─── Listed entries ───

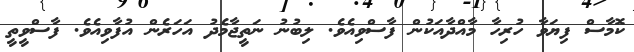
ކޮމާސް ފިޔަވާ ހުރިހާ މާއްދާއަކުން ފާސްވިއެވެ. ލިބުނު ނަތީޖާމެދު އަހަރެން އުފާވިއެވެ. ފާސްވީތީ
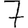
Digit: 7
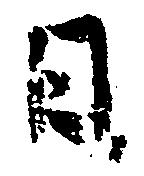
日
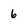
Character: 6
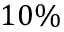
1 0 \%
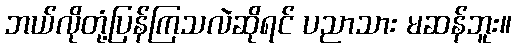
ဘယ်လိုတုံ့ပြန်ကြသလဲဆိုရင် ပညာသား မဆန်ဘူး။
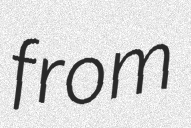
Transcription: from
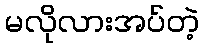
မလိုလားအပ်တဲ့
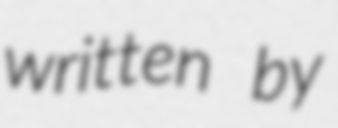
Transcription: written by
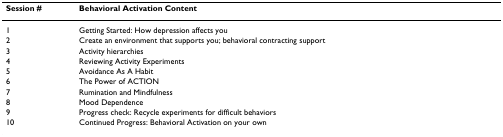
<table><thead><tr><td><b>Session #</b></td><td><b>Behavioral Activation Content</b></td></tr></thead><tbody><tr><td>1</td><td>Getting Started: How depression affects you</td></tr><tr><td>2</td><td>Create an environment that supports you; behavioral contracting support</td></tr><tr><td>3</td><td>Activity hierarchies</td></tr><tr><td>4</td><td>Reviewing Activity Experiments</td></tr><tr><td>5</td><td>Avoidance As A Habit</td></tr><tr><td>6</td><td>The Power of ACTION</td></tr><tr><td>7</td><td>Rumination and Mindfulness</td></tr><tr><td>8</td><td>Mood Dependence</td></tr><tr><td>9</td><td>Progress check: Recycle experiments for difficult behaviors</td></tr><tr><td>10</td><td>Continued Progress: Behavioral Activation on your own</td></tr></tbody></table>
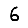
Digit: 6
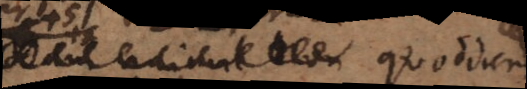
g. quoddam
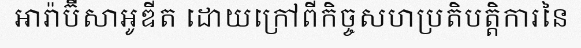
អារ៉ាប៊ីសាអូឌីត ដោយក្រៅពីកិច្ចសហប្រតិបត្តិការនៃ
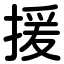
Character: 援
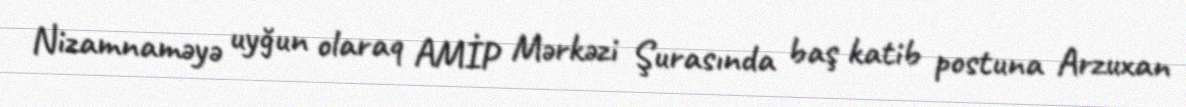
Nizamnaməyə uyğun olaraq AMİP Mərkəzi Şurasında baş katib postuna Arzuxan

───

**About this exercise**: Report back every line of the entries in which "Transcription" occurs.

**Exercise response**:
Transcription: from
Transcription: written by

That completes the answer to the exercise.